Directions | The records are to be repeated exactly, and any images in them are to be dropped.

Data extracts |
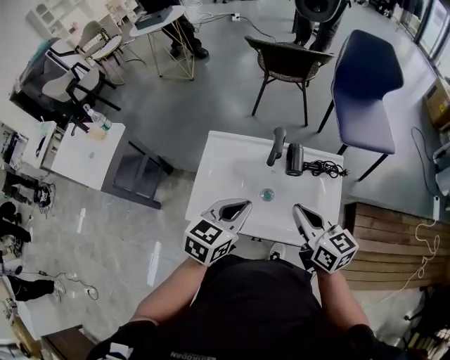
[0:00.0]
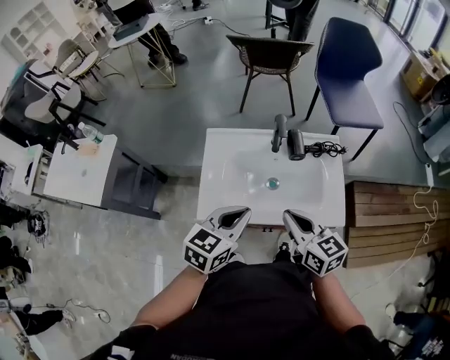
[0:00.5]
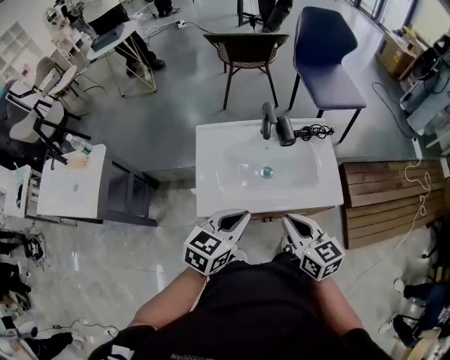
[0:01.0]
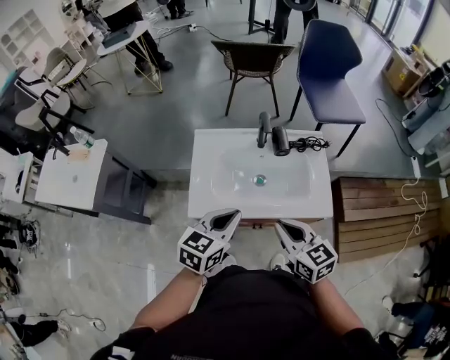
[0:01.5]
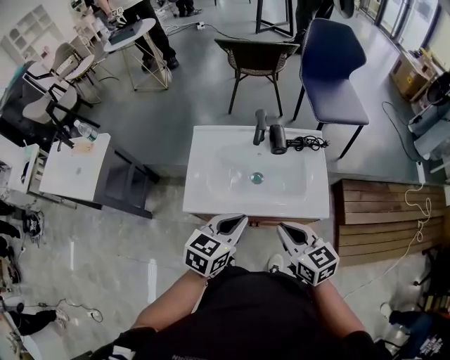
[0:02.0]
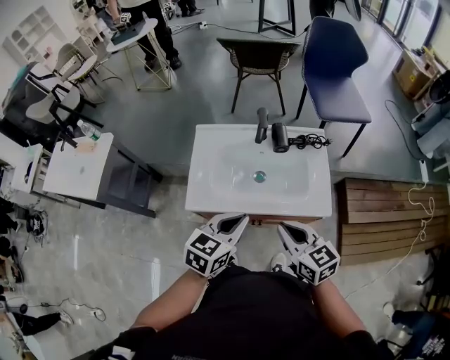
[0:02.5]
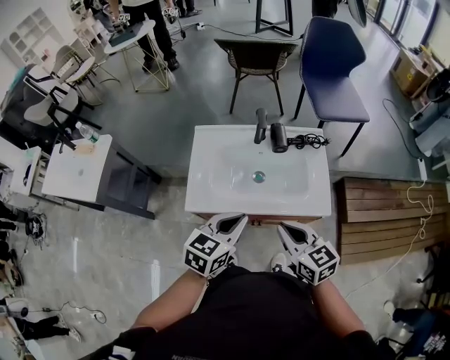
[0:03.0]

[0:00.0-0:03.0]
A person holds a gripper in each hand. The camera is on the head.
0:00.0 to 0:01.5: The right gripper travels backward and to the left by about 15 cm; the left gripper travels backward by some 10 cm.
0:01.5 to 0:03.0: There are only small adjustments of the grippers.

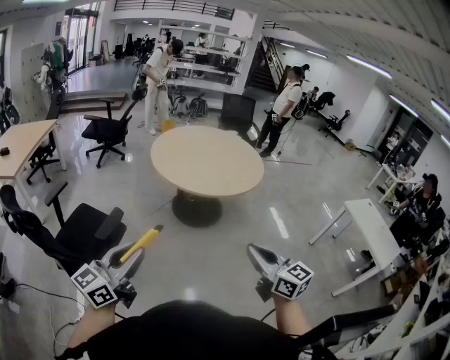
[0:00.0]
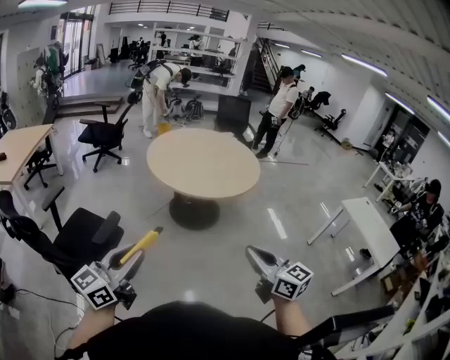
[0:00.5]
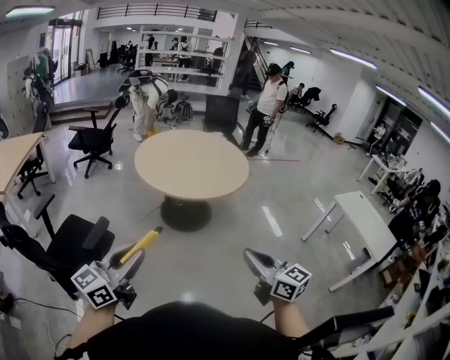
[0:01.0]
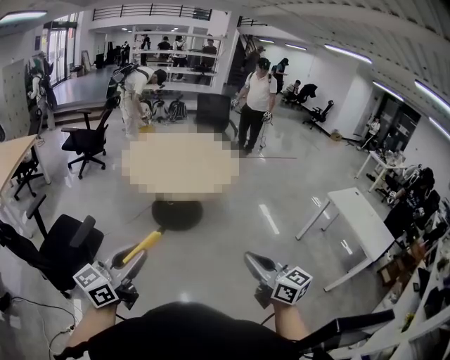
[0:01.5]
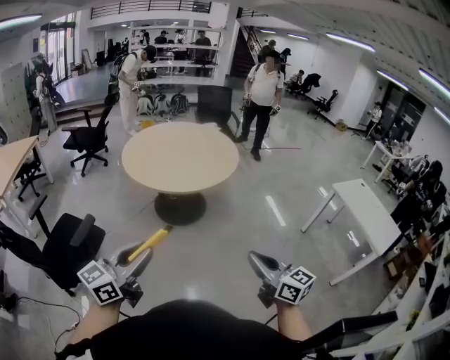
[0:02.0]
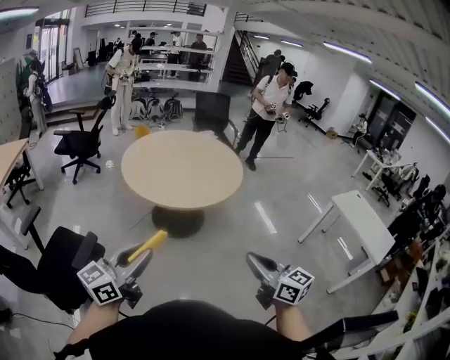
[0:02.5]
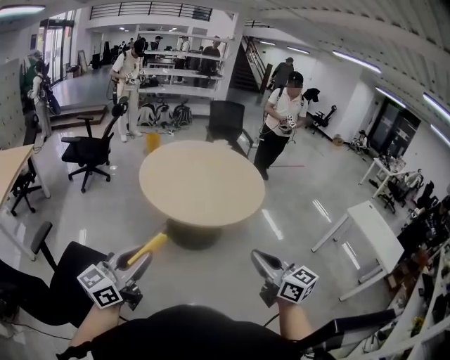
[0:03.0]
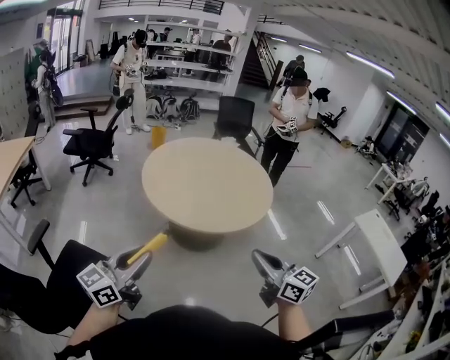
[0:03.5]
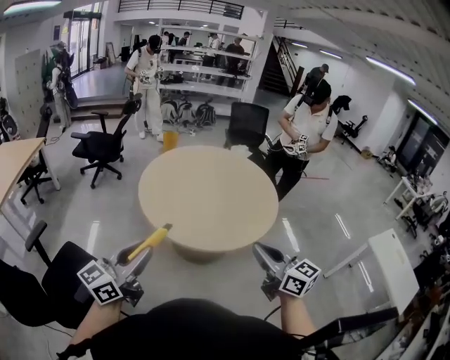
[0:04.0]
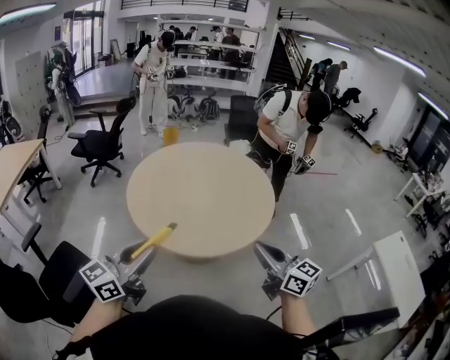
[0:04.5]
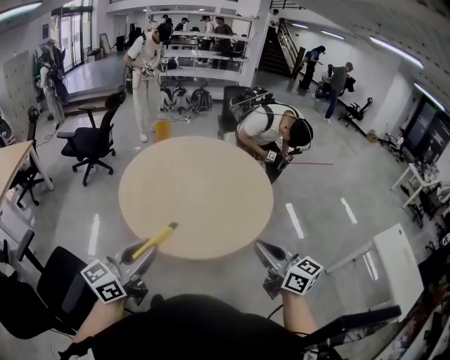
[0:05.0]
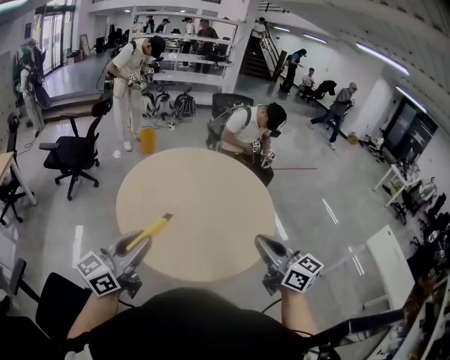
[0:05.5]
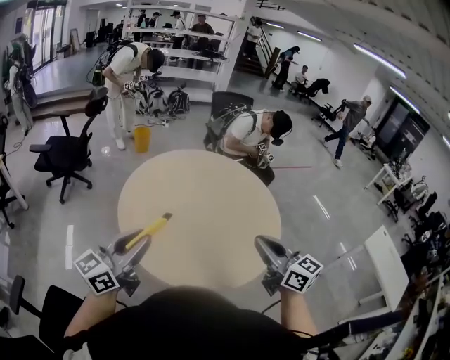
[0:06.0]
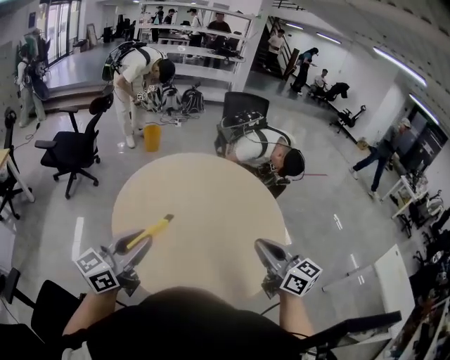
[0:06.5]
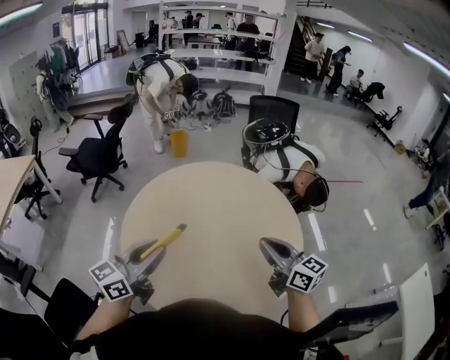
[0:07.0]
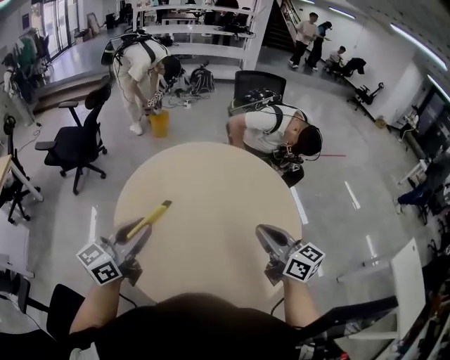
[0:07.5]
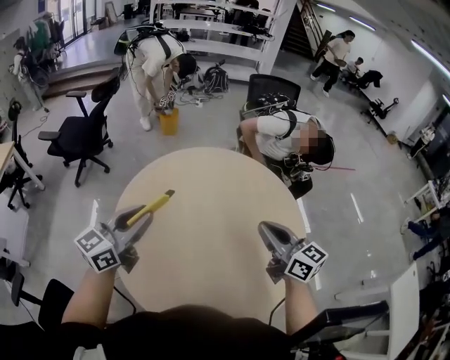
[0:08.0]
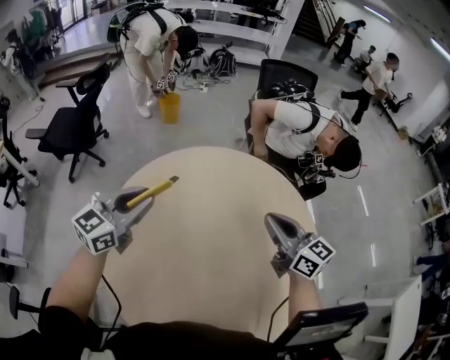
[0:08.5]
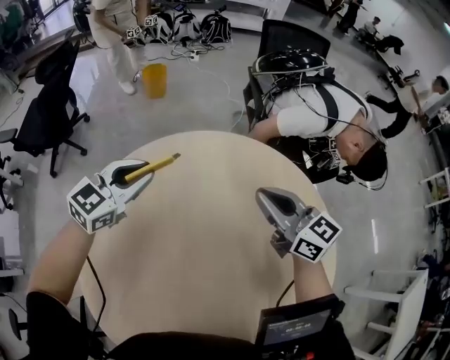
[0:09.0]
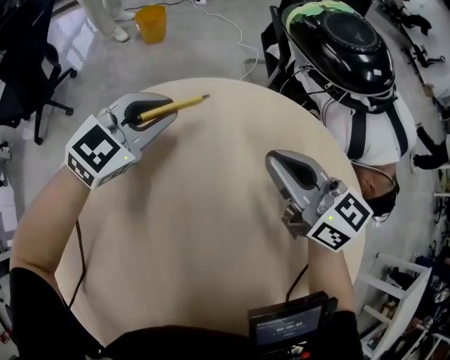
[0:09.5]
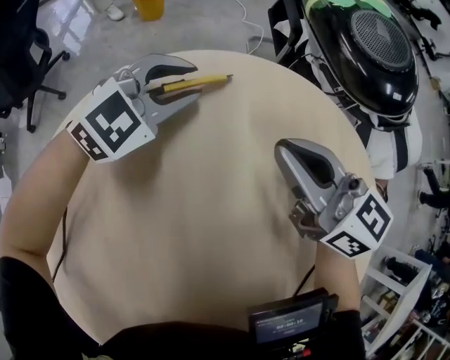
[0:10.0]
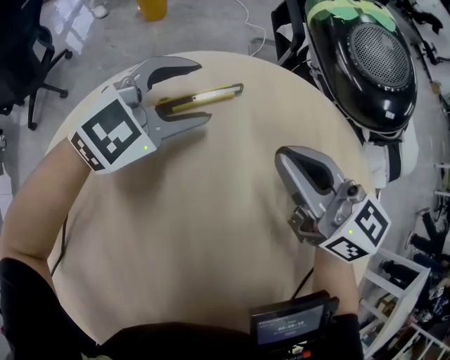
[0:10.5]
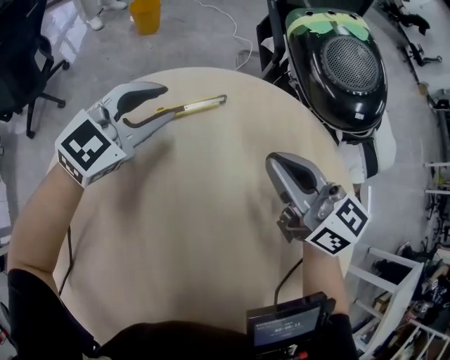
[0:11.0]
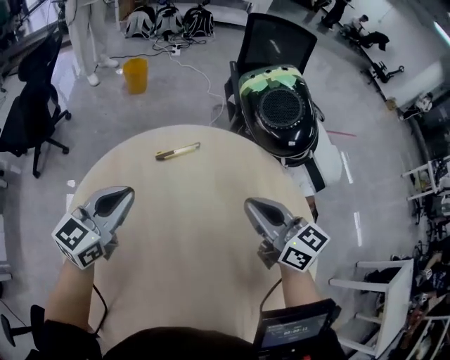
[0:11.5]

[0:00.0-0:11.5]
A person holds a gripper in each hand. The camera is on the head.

Exercise result |
[0:00.0]
[0:00.5]
[0:01.0]
[0:01.5]
[0:02.0]
[0:02.5]
[0:03.0]

[0:00.0-0:03.0]
A person holds a gripper in each hand. The camera is on the head.
0:00.0 to 0:01.5: The right gripper travels backward and to the left by about 15 cm; the left gripper travels backward by some 10 cm.
0:01.5 to 0:03.0: There are only small adjustments of the grippers.

[0:00.0]
[0:00.5]
[0:01.0]
[0:01.5]
[0:02.0]
[0:02.5]
[0:03.0]
[0:03.5]
[0:04.0]
[0:04.5]
[0:05.0]
[0:05.5]
[0:06.0]
[0:06.5]
[0:07.0]
[0:07.5]
[0:08.0]
[0:08.5]
[0:09.0]
[0:09.5]
[0:10.0]
[0:10.5]
[0:11.0]
[0:11.5]

[0:00.0-0:11.5]
A person holds a gripper in each hand. The camera is on the head.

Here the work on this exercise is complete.